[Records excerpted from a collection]
[Start of Attachment]
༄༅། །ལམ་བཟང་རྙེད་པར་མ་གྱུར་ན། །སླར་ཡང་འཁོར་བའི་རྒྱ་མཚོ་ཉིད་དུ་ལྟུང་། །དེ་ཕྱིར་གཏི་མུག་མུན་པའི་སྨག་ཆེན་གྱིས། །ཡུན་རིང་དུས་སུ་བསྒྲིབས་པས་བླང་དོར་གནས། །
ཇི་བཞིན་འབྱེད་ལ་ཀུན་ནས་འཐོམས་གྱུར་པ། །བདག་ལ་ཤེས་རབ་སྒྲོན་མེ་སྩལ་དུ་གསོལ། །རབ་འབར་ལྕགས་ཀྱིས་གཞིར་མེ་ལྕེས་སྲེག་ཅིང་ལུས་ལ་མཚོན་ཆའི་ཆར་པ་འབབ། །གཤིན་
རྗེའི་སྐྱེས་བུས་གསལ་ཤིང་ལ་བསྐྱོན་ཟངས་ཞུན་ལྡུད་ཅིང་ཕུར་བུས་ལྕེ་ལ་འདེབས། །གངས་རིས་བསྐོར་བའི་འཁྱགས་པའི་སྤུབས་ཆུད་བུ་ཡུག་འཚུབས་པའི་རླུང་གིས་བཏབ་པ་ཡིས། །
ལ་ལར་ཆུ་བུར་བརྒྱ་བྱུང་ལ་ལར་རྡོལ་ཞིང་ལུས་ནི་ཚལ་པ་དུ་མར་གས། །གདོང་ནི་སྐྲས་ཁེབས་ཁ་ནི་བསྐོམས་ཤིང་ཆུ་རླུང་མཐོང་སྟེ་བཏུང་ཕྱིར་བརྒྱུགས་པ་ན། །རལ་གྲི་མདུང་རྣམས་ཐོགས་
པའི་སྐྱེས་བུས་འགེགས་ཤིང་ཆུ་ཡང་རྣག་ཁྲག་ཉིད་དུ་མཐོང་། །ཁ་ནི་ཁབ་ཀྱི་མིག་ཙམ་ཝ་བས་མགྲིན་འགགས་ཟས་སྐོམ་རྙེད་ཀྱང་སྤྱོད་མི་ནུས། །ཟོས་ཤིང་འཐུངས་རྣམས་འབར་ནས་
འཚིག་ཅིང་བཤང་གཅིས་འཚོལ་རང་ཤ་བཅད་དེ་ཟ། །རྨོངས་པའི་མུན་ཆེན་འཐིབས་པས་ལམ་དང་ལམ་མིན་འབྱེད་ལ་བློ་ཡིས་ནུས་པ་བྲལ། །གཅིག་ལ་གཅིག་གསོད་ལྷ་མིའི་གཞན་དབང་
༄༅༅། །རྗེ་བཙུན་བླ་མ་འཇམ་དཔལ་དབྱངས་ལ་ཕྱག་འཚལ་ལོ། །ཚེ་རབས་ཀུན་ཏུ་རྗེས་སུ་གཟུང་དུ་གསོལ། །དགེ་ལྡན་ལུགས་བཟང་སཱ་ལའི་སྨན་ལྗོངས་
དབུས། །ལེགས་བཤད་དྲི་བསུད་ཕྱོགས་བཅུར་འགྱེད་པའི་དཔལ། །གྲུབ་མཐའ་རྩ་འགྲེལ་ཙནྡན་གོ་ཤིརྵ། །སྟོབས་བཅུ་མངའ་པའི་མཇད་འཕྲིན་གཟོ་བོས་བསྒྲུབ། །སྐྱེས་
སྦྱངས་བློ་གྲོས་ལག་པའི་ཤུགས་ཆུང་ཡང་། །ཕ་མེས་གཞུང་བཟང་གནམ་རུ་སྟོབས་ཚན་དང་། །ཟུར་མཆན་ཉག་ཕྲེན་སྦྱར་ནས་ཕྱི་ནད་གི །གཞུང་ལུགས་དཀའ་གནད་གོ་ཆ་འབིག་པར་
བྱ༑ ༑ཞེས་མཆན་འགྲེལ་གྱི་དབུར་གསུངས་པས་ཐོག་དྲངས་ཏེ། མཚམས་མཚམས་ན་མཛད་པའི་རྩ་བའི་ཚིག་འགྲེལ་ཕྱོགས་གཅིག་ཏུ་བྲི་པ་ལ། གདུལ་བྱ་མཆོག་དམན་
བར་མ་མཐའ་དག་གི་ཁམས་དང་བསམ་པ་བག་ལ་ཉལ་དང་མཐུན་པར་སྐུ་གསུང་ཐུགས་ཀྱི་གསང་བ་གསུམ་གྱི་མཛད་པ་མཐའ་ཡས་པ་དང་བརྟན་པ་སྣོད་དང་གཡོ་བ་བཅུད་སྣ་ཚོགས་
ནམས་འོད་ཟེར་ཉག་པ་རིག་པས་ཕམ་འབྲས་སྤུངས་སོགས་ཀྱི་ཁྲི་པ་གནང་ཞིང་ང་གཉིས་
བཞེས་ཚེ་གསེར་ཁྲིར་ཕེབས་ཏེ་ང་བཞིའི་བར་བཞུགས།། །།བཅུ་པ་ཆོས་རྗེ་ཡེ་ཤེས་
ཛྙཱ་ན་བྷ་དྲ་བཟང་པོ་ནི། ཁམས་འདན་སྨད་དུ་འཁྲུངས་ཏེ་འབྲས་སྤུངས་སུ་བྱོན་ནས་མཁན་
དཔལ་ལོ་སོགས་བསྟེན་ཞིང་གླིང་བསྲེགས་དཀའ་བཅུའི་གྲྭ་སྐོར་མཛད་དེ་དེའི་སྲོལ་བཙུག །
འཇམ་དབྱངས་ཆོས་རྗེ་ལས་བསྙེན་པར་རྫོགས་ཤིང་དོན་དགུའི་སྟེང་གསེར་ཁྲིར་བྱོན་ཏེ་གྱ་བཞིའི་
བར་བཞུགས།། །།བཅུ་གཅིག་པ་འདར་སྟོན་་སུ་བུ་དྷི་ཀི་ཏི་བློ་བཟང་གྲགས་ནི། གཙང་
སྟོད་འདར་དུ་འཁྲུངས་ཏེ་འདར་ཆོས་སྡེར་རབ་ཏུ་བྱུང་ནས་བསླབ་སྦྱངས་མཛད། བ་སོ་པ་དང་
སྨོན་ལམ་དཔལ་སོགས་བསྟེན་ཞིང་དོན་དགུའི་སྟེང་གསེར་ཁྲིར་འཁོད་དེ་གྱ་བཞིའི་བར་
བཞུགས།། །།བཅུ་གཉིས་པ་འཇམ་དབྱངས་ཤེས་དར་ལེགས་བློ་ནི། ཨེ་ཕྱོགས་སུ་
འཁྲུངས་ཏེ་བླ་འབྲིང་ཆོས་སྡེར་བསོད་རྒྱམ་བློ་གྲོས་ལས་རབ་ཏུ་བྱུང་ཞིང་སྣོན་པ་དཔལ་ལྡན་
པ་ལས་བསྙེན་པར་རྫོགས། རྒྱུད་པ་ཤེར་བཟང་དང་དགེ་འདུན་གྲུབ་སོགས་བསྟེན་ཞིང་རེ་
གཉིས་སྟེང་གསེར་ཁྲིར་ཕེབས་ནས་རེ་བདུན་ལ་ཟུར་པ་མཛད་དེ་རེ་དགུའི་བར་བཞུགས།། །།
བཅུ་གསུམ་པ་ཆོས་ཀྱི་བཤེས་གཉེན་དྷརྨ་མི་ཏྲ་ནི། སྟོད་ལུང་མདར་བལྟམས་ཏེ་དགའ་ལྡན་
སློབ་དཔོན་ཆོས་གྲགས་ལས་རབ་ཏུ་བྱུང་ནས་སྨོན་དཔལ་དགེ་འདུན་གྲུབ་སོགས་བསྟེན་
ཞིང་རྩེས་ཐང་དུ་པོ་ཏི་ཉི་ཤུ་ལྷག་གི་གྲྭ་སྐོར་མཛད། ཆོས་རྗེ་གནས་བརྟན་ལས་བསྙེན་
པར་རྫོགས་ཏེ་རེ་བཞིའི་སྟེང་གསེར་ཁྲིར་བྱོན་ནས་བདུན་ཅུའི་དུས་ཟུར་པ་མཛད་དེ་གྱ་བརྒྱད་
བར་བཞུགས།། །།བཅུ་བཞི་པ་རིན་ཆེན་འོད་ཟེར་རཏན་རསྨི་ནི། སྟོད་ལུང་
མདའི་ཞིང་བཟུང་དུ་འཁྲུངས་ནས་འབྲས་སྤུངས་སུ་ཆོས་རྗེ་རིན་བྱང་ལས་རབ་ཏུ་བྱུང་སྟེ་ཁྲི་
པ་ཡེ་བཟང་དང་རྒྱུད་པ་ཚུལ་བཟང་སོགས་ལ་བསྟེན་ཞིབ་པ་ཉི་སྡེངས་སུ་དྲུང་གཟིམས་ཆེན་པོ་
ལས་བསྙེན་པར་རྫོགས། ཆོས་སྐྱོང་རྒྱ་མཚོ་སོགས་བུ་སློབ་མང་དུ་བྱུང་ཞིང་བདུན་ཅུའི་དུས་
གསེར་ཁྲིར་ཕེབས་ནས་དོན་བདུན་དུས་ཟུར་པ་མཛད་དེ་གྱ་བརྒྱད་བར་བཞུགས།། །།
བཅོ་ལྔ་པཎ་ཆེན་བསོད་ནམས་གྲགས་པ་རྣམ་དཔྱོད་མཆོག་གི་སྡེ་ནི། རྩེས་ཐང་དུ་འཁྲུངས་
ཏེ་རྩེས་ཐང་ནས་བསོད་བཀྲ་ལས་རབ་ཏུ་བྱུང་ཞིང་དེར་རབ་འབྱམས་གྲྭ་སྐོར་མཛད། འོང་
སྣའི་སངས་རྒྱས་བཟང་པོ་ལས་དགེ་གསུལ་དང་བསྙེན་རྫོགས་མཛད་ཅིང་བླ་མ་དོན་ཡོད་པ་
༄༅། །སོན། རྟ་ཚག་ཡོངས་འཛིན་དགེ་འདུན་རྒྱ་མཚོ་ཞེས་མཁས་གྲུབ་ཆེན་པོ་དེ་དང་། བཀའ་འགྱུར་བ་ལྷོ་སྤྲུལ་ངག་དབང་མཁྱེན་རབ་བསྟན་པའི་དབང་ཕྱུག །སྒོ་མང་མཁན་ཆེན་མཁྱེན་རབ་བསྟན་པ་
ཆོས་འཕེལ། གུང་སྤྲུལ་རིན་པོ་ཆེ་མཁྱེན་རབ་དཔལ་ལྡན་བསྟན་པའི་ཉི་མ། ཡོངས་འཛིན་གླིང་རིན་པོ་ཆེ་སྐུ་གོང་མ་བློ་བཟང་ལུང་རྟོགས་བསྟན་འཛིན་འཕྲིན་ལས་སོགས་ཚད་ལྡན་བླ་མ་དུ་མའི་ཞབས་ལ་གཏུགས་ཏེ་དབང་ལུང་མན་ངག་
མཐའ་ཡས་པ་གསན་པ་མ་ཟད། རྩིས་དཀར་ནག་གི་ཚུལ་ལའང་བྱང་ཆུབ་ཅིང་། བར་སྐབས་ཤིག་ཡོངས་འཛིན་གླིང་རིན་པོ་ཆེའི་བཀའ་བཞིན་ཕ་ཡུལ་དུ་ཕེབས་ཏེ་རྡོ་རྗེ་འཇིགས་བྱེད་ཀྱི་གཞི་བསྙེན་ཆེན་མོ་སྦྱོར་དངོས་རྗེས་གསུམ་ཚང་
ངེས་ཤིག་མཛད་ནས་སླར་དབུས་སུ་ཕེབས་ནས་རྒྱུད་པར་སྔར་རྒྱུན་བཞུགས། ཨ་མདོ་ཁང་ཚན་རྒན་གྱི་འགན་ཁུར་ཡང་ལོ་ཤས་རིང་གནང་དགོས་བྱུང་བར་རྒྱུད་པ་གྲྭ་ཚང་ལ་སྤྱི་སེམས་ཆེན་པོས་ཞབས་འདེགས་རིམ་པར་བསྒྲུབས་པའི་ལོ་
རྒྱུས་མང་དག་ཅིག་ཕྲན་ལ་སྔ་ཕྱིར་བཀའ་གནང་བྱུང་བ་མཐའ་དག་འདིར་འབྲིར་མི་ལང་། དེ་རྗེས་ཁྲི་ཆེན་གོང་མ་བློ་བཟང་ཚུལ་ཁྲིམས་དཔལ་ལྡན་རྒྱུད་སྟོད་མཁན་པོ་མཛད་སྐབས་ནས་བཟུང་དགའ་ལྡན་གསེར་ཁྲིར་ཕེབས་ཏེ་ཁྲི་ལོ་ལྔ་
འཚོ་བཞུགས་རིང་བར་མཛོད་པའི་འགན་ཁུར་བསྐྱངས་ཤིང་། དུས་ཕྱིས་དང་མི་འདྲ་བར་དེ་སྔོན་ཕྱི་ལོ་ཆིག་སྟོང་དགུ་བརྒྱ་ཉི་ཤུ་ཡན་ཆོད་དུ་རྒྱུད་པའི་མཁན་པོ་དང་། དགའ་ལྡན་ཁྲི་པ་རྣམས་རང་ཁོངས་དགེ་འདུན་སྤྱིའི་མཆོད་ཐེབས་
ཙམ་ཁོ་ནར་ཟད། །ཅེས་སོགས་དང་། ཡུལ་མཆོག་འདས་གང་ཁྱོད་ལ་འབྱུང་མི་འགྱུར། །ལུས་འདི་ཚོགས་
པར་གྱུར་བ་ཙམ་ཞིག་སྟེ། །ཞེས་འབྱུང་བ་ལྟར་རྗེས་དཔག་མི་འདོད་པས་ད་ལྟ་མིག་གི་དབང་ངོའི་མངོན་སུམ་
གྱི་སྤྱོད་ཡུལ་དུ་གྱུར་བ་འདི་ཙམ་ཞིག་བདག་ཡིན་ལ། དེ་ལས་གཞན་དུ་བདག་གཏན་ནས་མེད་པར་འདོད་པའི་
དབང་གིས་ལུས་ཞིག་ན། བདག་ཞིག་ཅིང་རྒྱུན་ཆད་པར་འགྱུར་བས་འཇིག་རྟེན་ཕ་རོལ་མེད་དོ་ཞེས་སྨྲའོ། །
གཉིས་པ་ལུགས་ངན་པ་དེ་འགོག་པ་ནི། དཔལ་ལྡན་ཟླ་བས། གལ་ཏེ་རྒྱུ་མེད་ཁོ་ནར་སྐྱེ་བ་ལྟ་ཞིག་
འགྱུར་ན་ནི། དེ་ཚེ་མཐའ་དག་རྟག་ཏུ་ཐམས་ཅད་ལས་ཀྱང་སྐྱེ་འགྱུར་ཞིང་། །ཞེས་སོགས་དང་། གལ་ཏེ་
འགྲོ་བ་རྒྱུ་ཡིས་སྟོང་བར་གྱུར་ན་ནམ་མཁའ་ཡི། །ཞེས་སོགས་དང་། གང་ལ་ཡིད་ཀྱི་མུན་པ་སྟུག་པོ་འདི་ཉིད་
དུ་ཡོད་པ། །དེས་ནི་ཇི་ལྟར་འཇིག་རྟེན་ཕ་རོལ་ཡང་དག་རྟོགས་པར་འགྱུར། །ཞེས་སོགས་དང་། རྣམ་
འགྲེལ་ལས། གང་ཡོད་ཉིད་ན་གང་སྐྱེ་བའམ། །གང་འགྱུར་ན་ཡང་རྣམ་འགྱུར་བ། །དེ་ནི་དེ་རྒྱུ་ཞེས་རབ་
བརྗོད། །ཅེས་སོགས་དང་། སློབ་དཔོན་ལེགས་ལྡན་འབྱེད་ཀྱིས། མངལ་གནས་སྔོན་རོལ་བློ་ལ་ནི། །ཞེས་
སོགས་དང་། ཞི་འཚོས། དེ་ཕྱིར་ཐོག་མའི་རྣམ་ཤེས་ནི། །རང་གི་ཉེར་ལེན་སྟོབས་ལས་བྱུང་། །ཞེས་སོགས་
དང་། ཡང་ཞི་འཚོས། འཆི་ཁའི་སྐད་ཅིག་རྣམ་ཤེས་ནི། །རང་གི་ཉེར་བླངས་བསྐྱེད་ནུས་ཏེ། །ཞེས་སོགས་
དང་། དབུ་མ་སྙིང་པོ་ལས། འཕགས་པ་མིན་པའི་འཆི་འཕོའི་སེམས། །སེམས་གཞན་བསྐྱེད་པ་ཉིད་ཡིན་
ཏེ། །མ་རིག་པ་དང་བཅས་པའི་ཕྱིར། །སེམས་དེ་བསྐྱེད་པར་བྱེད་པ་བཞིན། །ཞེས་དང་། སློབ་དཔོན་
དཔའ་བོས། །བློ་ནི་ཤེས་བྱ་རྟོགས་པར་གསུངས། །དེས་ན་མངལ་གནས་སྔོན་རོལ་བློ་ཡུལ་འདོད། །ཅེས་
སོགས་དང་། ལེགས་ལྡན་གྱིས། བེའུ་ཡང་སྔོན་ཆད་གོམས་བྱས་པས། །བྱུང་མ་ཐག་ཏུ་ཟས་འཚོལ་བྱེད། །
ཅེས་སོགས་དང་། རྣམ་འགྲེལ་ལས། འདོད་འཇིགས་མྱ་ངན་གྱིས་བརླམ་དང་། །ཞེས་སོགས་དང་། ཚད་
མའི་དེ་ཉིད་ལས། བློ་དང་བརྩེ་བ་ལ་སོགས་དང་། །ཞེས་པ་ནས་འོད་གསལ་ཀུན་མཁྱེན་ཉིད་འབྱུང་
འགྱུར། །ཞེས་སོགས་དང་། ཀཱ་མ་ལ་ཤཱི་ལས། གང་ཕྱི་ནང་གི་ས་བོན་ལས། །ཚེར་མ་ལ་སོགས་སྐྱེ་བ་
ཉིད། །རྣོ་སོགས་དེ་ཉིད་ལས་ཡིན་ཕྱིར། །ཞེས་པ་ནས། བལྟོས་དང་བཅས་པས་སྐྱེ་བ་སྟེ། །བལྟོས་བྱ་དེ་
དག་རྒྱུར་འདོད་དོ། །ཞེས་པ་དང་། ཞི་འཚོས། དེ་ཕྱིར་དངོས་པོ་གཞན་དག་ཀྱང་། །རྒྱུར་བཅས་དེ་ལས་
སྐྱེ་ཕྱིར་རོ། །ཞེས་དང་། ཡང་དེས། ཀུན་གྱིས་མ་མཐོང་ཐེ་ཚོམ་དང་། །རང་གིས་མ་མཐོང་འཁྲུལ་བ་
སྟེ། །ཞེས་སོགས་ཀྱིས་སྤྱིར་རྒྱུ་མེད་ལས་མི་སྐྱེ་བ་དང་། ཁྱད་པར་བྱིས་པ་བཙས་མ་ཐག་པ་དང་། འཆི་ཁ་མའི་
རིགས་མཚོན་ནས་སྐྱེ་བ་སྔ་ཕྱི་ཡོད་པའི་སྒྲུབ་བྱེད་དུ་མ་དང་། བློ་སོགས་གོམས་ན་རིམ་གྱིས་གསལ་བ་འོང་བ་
[End of Attachment]
§ **WHAT TO DO**
Could you set down, word for word, only the lines above from the line with "འགྲེལ་ལས། གང་ཡོད་ཉིད་ན་གང་སྐྱེ་བའམ། །གང་འགྱུར་ན་ཡང་རྣམ་འགྱུར་བ།" to the line with "སོགས་དང་། ཞི་འཚོས། དེ་ཕྱིར་ཐོག་མའི་རྣམ་ཤེས་ནི།", including both?

§ **FINISHED TASK**
འགྲེལ་ལས། གང་ཡོད་ཉིད་ན་གང་སྐྱེ་བའམ། །གང་འགྱུར་ན་ཡང་རྣམ་འགྱུར་བ། །དེ་ནི་དེ་རྒྱུ་ཞེས་རབ་
བརྗོད། །ཅེས་སོགས་དང་། སློབ་དཔོན་ལེགས་ལྡན་འབྱེད་ཀྱིས། མངལ་གནས་སྔོན་རོལ་བློ་ལ་ནི། །ཞེས་
སོགས་དང་། ཞི་འཚོས། དེ་ཕྱིར་ཐོག་མའི་རྣམ་ཤེས་ནི། །རང་གི་ཉེར་ལེན་སྟོབས་ལས་བྱུང་། །ཞེས་སོགས་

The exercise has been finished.